Issuer: Citigroup Global Markets Holdings Inc., a wholly owned subsidiary of Citigroup Inc.

Guarantor: All payments on the C-Tracks are fully and unconditionally guaranteed by Citigroup Inc.

Maturity Date: July 13, 2026, unless earlier redeemed

Closing Indicative Value: For any calendar day, (i) the C-Tracks current value on that day, plus (ii) the accrued distribution amount on that day, minus (iii) the accrued investor fee on that day. The closing indicative value is not the closing price or any other trading price of the C-Tracks in the secondary market, and the trading price of the C-Tracks at any time may vary significantly from this value.

C-Tracks Current Value: Set to $25.00 on the inception date.

  • For each calendar day thereafter prior to the final valuation period or the issuer redemption valuation period, as the case may be, the C-Tracks current value on the immediately preceding calendar day multiplied by the daily return factor on the current calendar day; and
  • For each calendar day during the final valuation period or issuer redemption valuation period, as applicable, the sum of (a) the index exposure and (b) the notional cash amount.

    Accrued Distribution Amount: Set to $0.00 on the inception date. For each calendar day thereafter,

  • prior to the final valuation period or the issuer redemption valuation period, (i) the accrued distribution amount on the immediately preceding calendar day, plus (ii) the index distribution divided by the index factor, each as of the current calendar day, minus (iii) the coupon distribution adjustment amount as of the current calendar day; and
  • during the final valuation period or the issuer redemption valuation period, as applicable, (i) the accrued distribution amount on the immediately preceding calendar day, plus (ii)(a) the index distribution multiplied by a fraction equal to the index exposure divided by the C-Tracks current value, each as of the immediately preceding calendar day divided by (b) the index factor as of the current calendar day, minus (iii) the coupon distribution adjustment amount as of the current calendar day.

Payment at Maturity: Unless earlier redeemed, for each $25.00 stated principal amount C-Track you then hold, you will receive a cash payment at maturity equal to the closing indicative value of the C-Tracks on the final valuation period end date. The closing indicative value on the final valuation period end date will be adjusted down by any final coupon amount otherwise due at maturity.

Coupon Amounts: The coupon amount will equal the accrued distribution amount, which is based on the ordinary cash distributions that a hypothetical holder of Index constituents would have been entitled to receive in respect of the Index constituents during the relevant period, reduced by the accrued investor fee.

Coupon Determination Dates: Calculation of coupon amounts will occur on the 4th day of each January, April, July and October, beginning October 4, 2016 and ending on the final valuation period end date or issuer redemption period end date, as applicable, subject to postponement for non-business days and, in the case of the coupon determination date that is on the final valuation period end date or issuer redemption period end date, as applicable, non-observation days.

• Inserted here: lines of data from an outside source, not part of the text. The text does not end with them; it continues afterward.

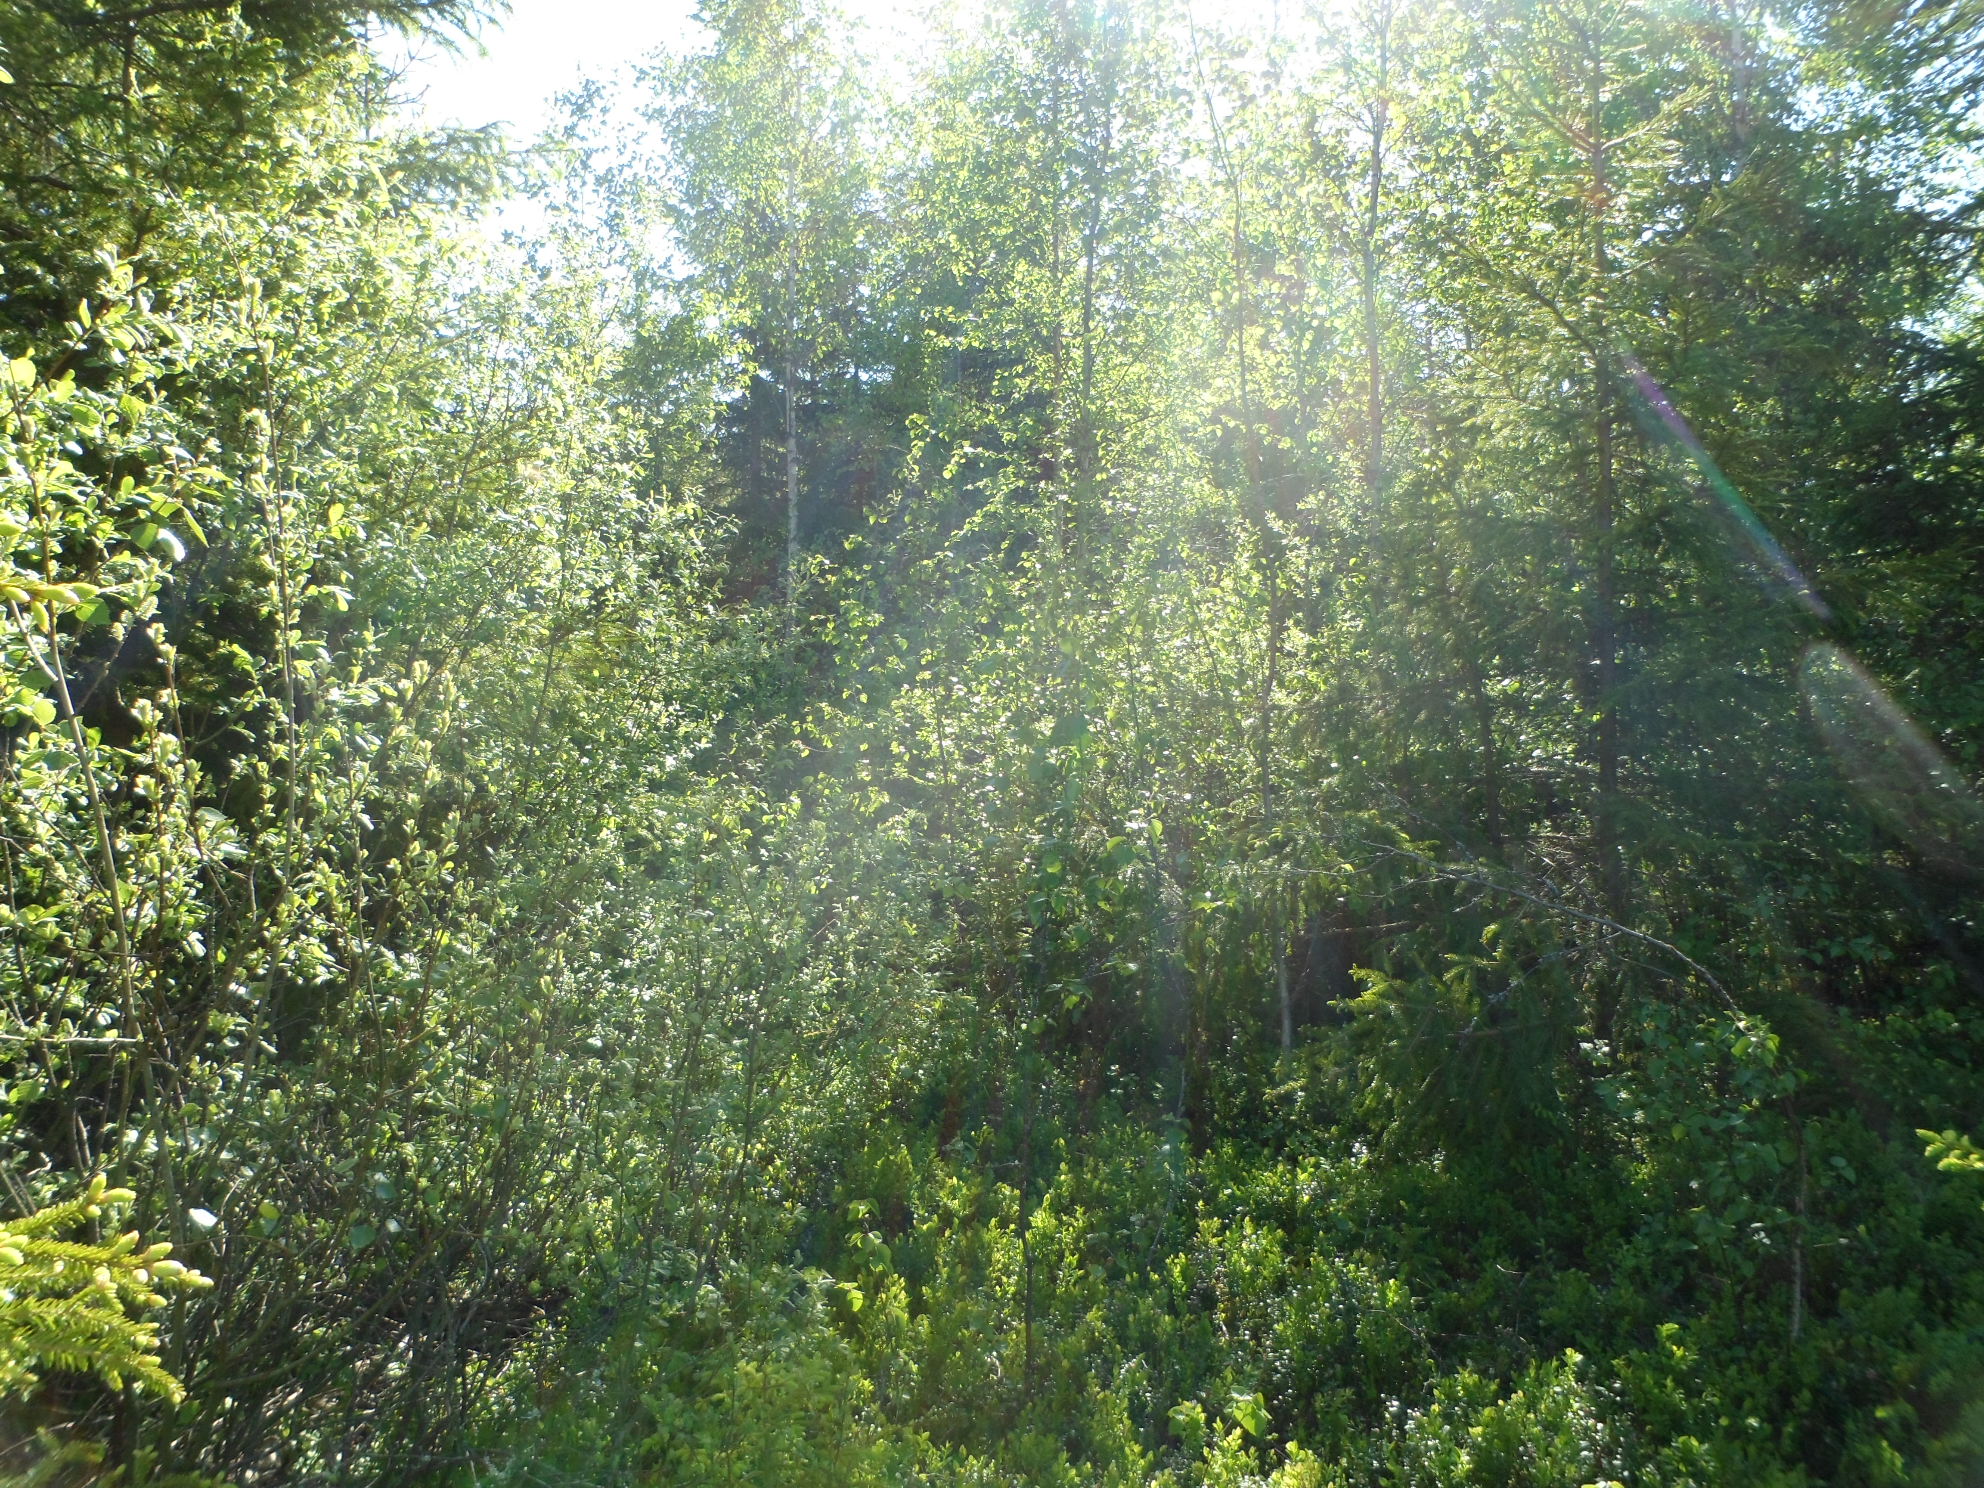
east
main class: Woodland
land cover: Spruce dominated mixed woodland
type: boreal forest
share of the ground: 50 - 75 %
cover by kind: coniferous forest trees 30 %, broadleaved forest trees 30 %, shrubs 25 %, lichens and mosses 10 %, herbaceous plants 5 %
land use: Forestry
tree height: > 5 m
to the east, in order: Spruce dominated mixed woodland; Broadleaved woodland; Ditches and canals; Spruce dominated mixed woodland; Dry stone walls; Artificial constructions in urban areas; Spruce dominated mixed woodland; Ditches and canals; Grass margins; Paved roads, cycling and walking lanes; Ditches and canals; Electric lines; Broadleaved woodland
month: June
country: SE
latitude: 56.8879
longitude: 14.8720

Coupon Payment Dates: For any coupon determination date, the fifth business day after such date, except that the coupon payment date for the final valuation period end date or the issuer redemption valuation period end date, as applicable, will be the maturity date or the redemption date, as applicable.

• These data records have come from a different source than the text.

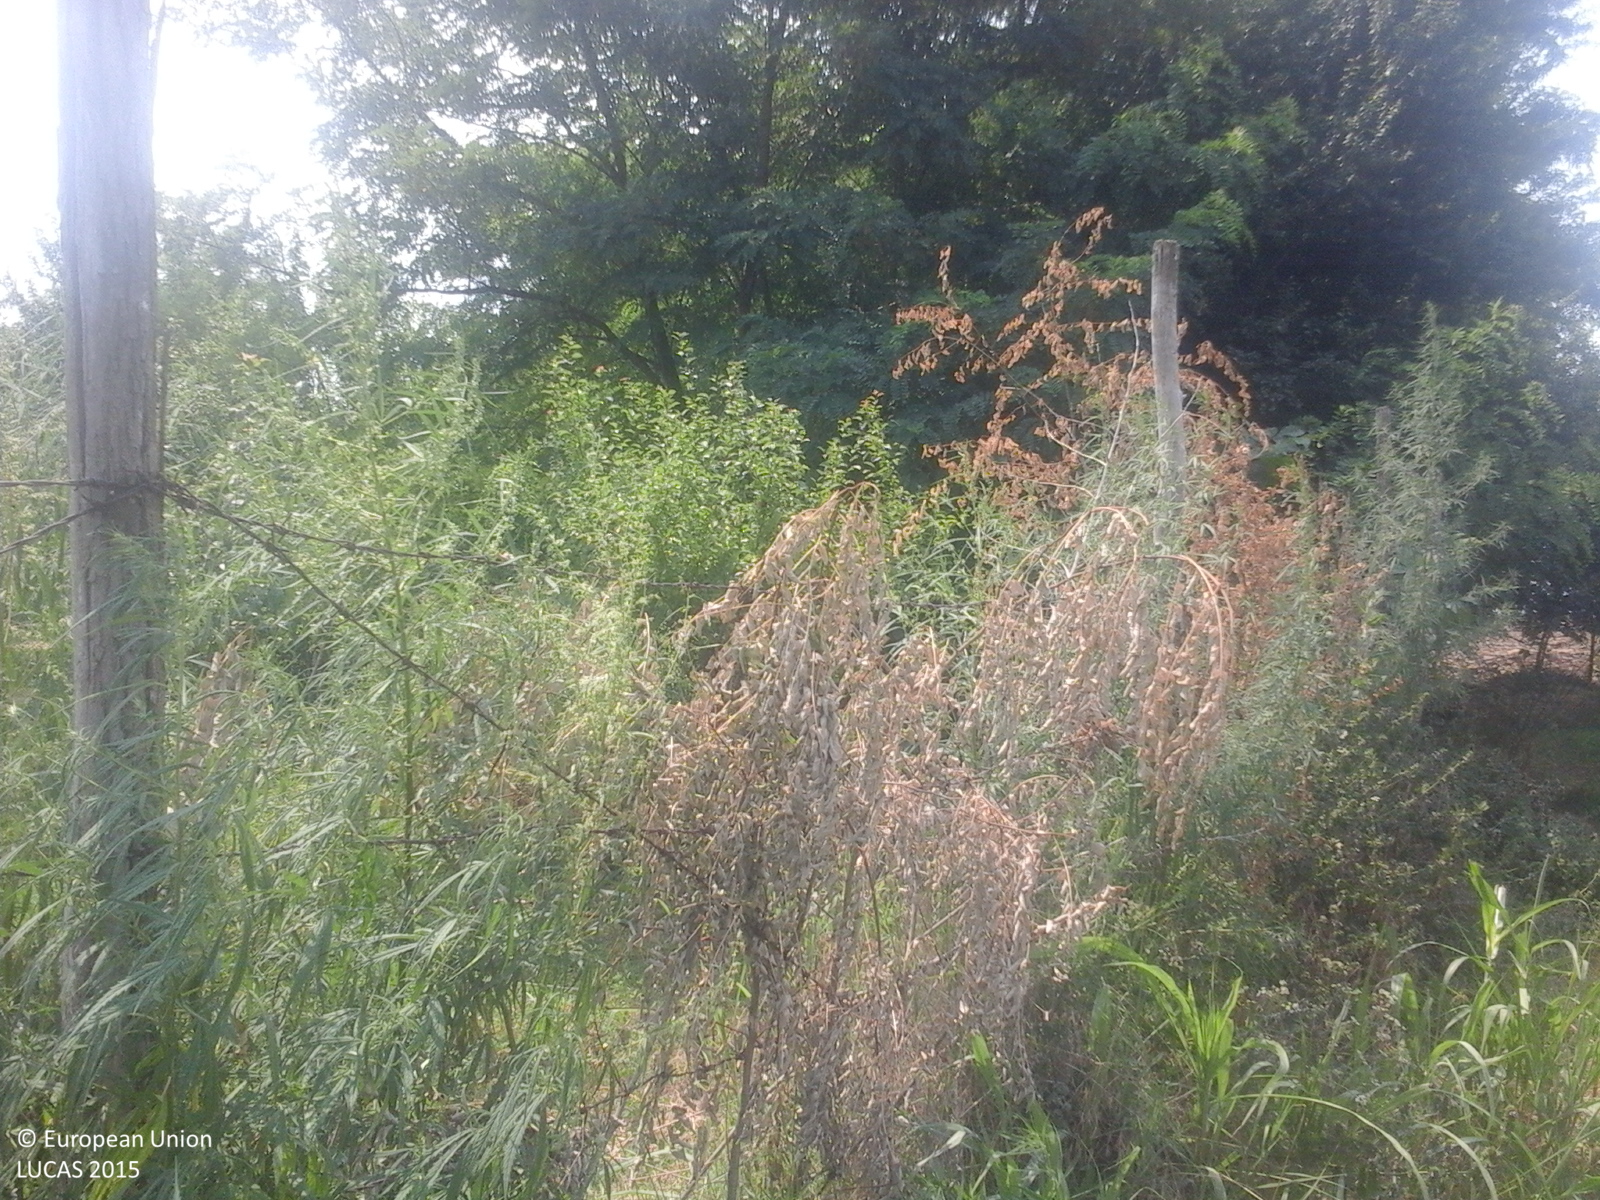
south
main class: Cropland
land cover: Lucerne
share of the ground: > 75 %
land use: Agriculture (excluding fallow land and kitchen gardens)
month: July
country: RO
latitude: 44.7698
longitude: 26.3511

Coupon Record Dates: Each coupon payment will be made to the holders of record of the C-Tracks as of the business day immediately prior to the coupon payment date, except that any final coupon payment for the maturity date or, in the event of a redemption at our option, the redemption date, will be payable to persons who receive the payment of the closing indicative value at maturity or early redemption at our option, as applicable.

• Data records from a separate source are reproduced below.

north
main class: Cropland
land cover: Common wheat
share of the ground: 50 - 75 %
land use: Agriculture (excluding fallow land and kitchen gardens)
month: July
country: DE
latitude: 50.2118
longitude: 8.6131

Coupon Ex-Dates: For any coupon record date other than the final valuation period end date or issuer redemption period end date, as applicable, the second scheduled trading day immediately preceding that coupon record date.

Coupon Distribution Adjustment Amount: For any calendar day that is not a coupon ex-date: $0.00. For any calendar day that is a coupon ex-date: the accrued distribution amount as of the close of the immediately preceding coupon determination date.

Coupon Fee Adjustment Amount: For any calendar day that is not a coupon ex-date: $0.00. For any calendar day that is a coupon ex-date: (i) if the coupon amount as calculated on the most recent coupon determination date is greater than zero, the accrued investor fee as of the immediately preceding coupon determination date and (ii) if the coupon amount in respect of such coupon ex-date is zero, the coupon distribution adjustment amount as of that coupon ex-date.

Accrued Investor Fee: Set to $0.00 on the inception date. For each calendar day thereafter, (i) the accrued investor fee on the immediately preceding calendar day, plus (ii)(a) 0.85% multiplied by (b) the closing indicative value on the immediately preceding calendar day divided by 365, minus (iii) the coupon fee adjustment amount on the current calendar day. If the C-Tracks undergo any subsequent split or reverse split, the accrued investor fee will be adjusted accordingly. Because the accrued investor fee reduces the amount of your return at maturity or upon redemption, and in addition the redemption charge reduces the amount of your return upon early redemption at your option, the level of the Index will need to increase significantly in order for you to receive at least the amount of your initial investment at maturity or upon redemption. If the increase in the level of the Index is insufficient to offset the negative effect of the accrued investor fee (and, in the case of early redemption at your option, the redemption charge), or if the level of the Index decreases, you will receive less than your initial investment at maturity or upon redemption.

Daily Return Factor: For any calendar day, the closing level of the Index on that day, divided by the closing level of the Index on the immediately preceding calendar day. The closing level of the Index on any day that is not a trading day will be deemed to be the same as on the immediately preceding trading day and, during the final valuation period or issuer redemption valuation period, as applicable, the closing level of the Index on any trading day that is not an observation day will be deemed to be the same as on the immediately preceding observation day.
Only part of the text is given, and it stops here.